Skip the pictures, and retype the data below in full, exactly.
Segment Start: RECORDS SUPPLIED
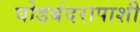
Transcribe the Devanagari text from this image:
घोडबंदरापाशी
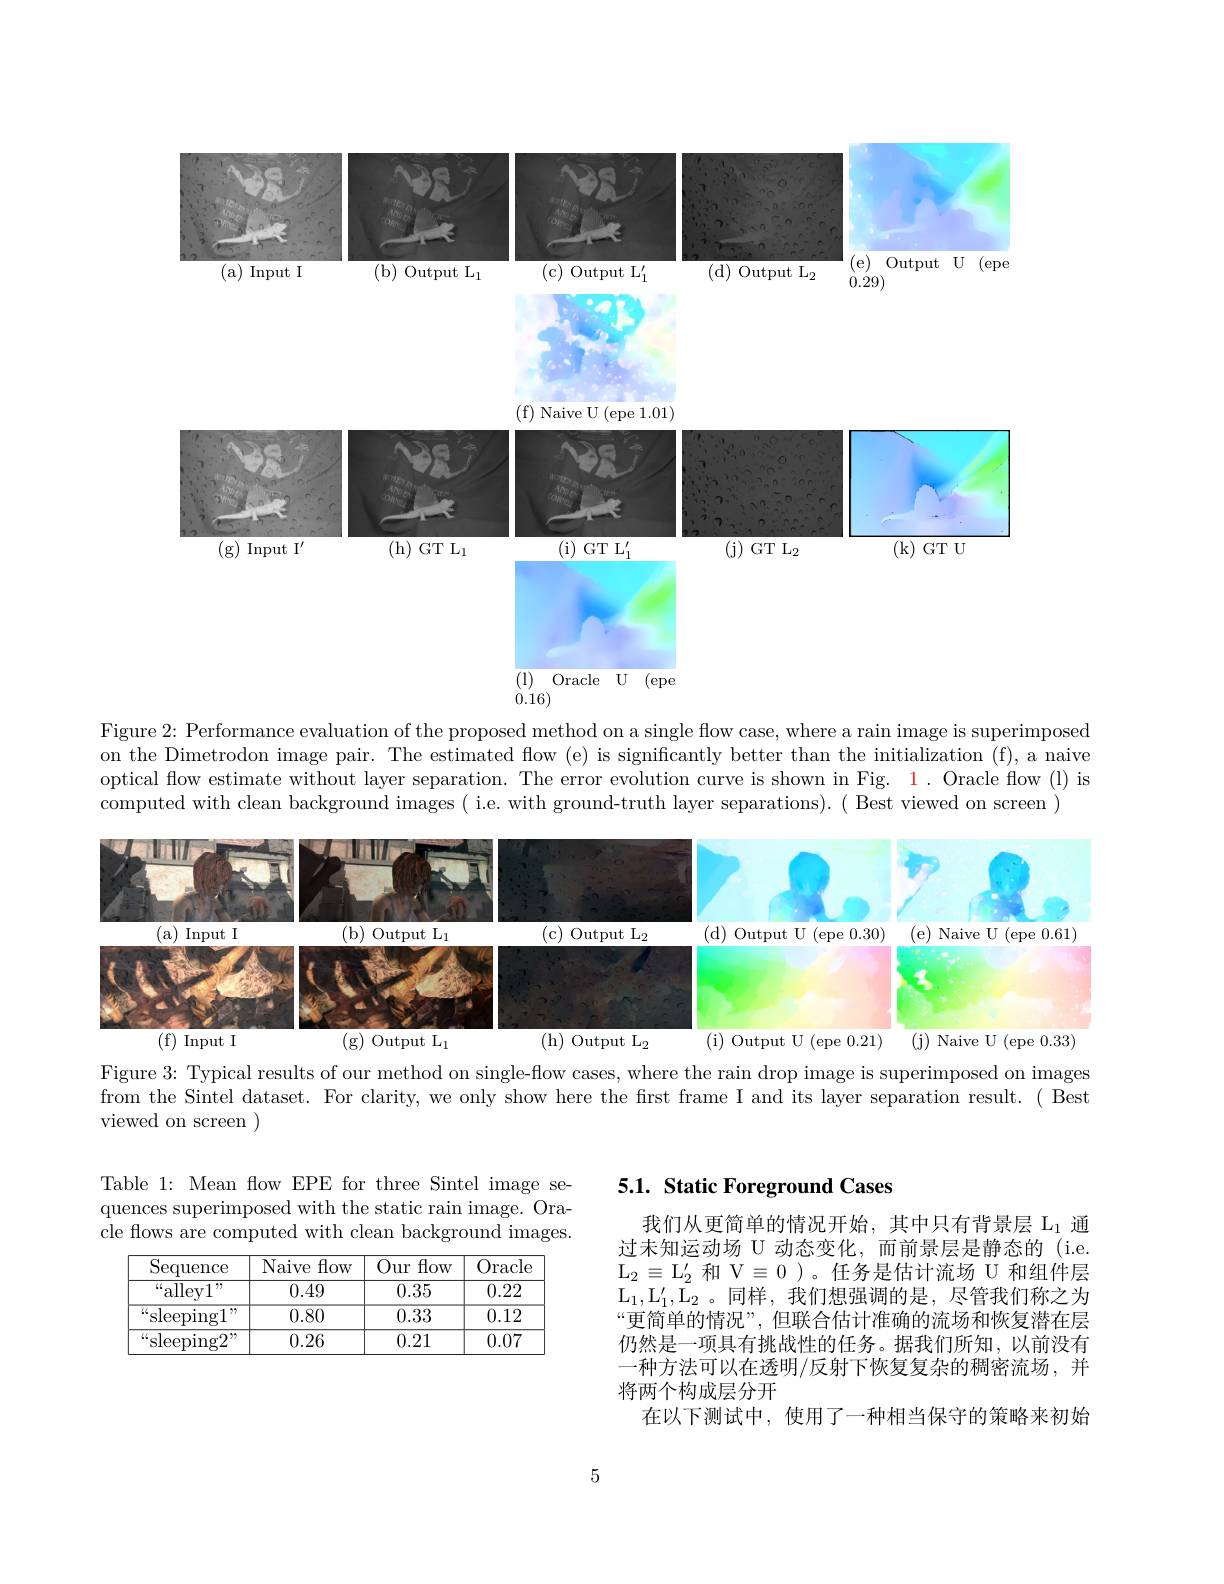
<FigureHere>
0.16)

Figure 2: Performance evaluation of the proposed method on a single flow case, where a rain image is superimposed on the Dimetrodon image pair. The estimated flow (e) is significantly better than the initialization (f), a naive optical flow estimate without layer separation. The error evolution curve is shown in Fig. 1. Oracle flow (l) is computed with clean background images ( i.e. with ground-truth layer separations). ( Best viewed on screen )

<FigureHere>

Figure 3: Typical results of our method on single-flow cases, where the rain drop image is superimposed on images

from the Sintel dataset. For clarity, we only show here the first frame I and its layer separation result.( Best

viewed on screen )

## 5.1. Static Foreground Cases

Table 1: Mean fow EPE for three Sintel image sequences superimposed with the static rain image. Oracle flows are computed with clean background images.

<table>
	<tbody>
		<tr>
			<th>Sequence</th>
			<th>Naive flow</th>
			<th>Our flow</th>
			<th>Oracle</th>
		</tr>
		<tr>
			<td>$“$alley1 7.</td>
			<td>0.49</td>
			<td>0.35</td>
			<td>0.22</td>
		</tr>
		<tr>
			<td>$\operatorname{sleeping}1$ 5</td>
			<td>0.80</td>
			<td>0.33</td>
			<td>0.12</td>
		</tr>
		<tr>
			<td>sleeping2</td>
			<td>0.26</td>
			<td>0.21</td>
			<td>0.07</td>
		</tr>
	</tbody>
</table>

我们从更简单的情况开始，其中只有背景层$\mathcal{L}_1$通过未知运动场 U 动态变化，而前景层是静态的 (i.e. $\mathrm{L}_{2}\equiv\mathrm{L}_{2}^{\prime}$和 V$\equiv0$)。任务是估计流场 U 和组件层$\mathrm{L}_1,\mathrm{L}_1^{\prime},\mathrm{L}_2$。同样，我们想强调的是，尽管我们称之为“更简单的情况”,但联合估计准确的流场和恢复潜在层仍然是一项具有挑战性的任务。据我们所知，以前没有一种方法可以在透明/反射下恢复复杂的稠密流场，并将两个构成层分开
在以下测试中，使用了一种相当保守的策略来初始

5
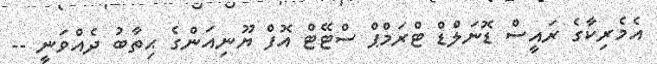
Segment End: RECORDS SUPPLIED
# [WRITTEN REPLY]
Transcribe the Devanagari text from this image:
घोडबंदरापाशी
<FigureHere>
0.16)

Figure 2: Performance evaluation of the proposed method on a single flow case, where a rain image is superimposed on the Dimetrodon image pair. The estimated flow (e) is significantly better than the initialization (f), a naive optical flow estimate without layer separation. The error evolution curve is shown in Fig. 1. Oracle flow (l) is computed with clean background images ( i.e. with ground-truth layer separations). ( Best viewed on screen )

<FigureHere>

Figure 3: Typical results of our method on single-flow cases, where the rain drop image is superimposed on images

from the Sintel dataset. For clarity, we only show here the first frame I and its layer separation result.( Best

viewed on screen )

## 5.1. Static Foreground Cases

Table 1: Mean fow EPE for three Sintel image sequences superimposed with the static rain image. Oracle flows are computed with clean background images.

<table>
	<tbody>
		<tr>
			<th>Sequence</th>
			<th>Naive flow</th>
			<th>Our flow</th>
			<th>Oracle</th>
		</tr>
		<tr>
			<td>$“$alley1 7.</td>
			<td>0.49</td>
			<td>0.35</td>
			<td>0.22</td>
		</tr>
		<tr>
			<td>$\operatorname{sleeping}1$ 5</td>
			<td>0.80</td>
			<td>0.33</td>
			<td>0.12</td>
		</tr>
		<tr>
			<td>sleeping2</td>
			<td>0.26</td>
			<td>0.21</td>
			<td>0.07</td>
		</tr>
	</tbody>
</table>

我们从更简单的情况开始，其中只有背景层$\mathcal{L}_1$通过未知运动场 U 动态变化，而前景层是静态的 (i.e. $\mathrm{L}_{2}\equiv\mathrm{L}_{2}^{\prime}$和 V$\equiv0$)。任务是估计流场 U 和组件层$\mathrm{L}_1,\mathrm{L}_1^{\prime},\mathrm{L}_2$。同样，我们想强调的是，尽管我们称之为“更简单的情况”,但联合估计准确的流场和恢复潜在层仍然是一项具有挑战性的任务。据我们所知，以前没有一种方法可以在透明/反射下恢复复杂的稠密流场，并将两个构成层分开
在以下测试中，使用了一种相当保守的策略来初始

5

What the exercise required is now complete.